Requirement —
If a line in the entries below contains "typesetting", copy it.

Input —
********
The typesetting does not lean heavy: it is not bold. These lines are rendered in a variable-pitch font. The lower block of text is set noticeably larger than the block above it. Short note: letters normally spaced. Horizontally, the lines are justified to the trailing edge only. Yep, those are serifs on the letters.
********
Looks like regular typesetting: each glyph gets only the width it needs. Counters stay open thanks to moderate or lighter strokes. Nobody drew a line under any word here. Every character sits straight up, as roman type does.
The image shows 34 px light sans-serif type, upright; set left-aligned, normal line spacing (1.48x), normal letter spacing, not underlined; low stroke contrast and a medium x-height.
********
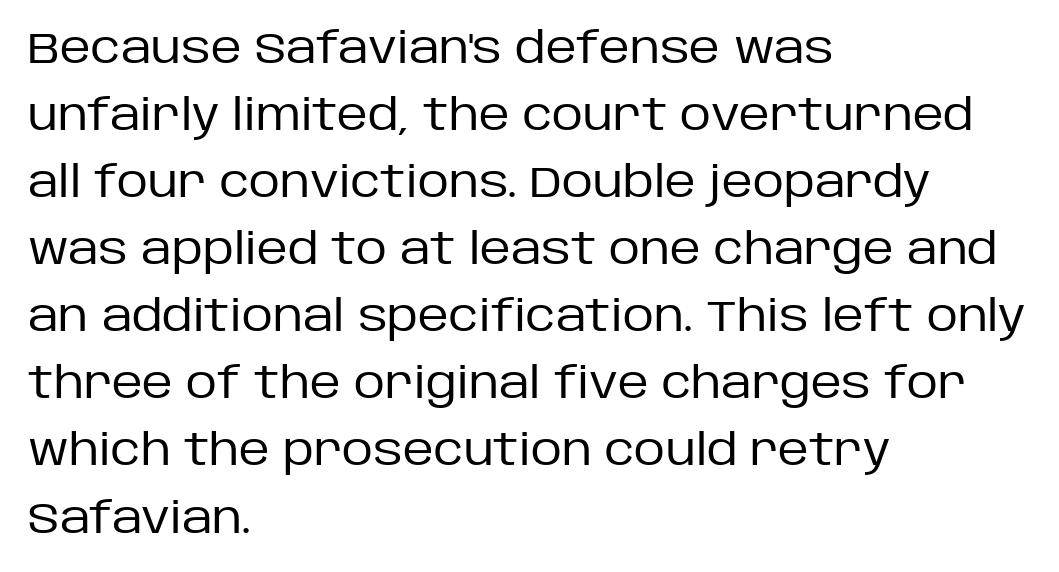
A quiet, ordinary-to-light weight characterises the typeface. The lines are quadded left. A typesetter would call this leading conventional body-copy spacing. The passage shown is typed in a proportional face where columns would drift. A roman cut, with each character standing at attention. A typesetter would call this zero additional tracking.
********
Result —
The typesetting does not lean heavy: it is not bold. These lines are rendered in a variable-pitch font. The lower block of text is set noticeably larger than the block above it. Short note: letters normally spaced. Horizontally, the lines are justified to the trailing edge only. Yep, those are serifs on the letters.
Looks like regular typesetting: each glyph gets only the width it needs. Counters stay open thanks to moderate or lighter strokes. Nobody drew a line under any word here. Every character sits straight up, as roman type does.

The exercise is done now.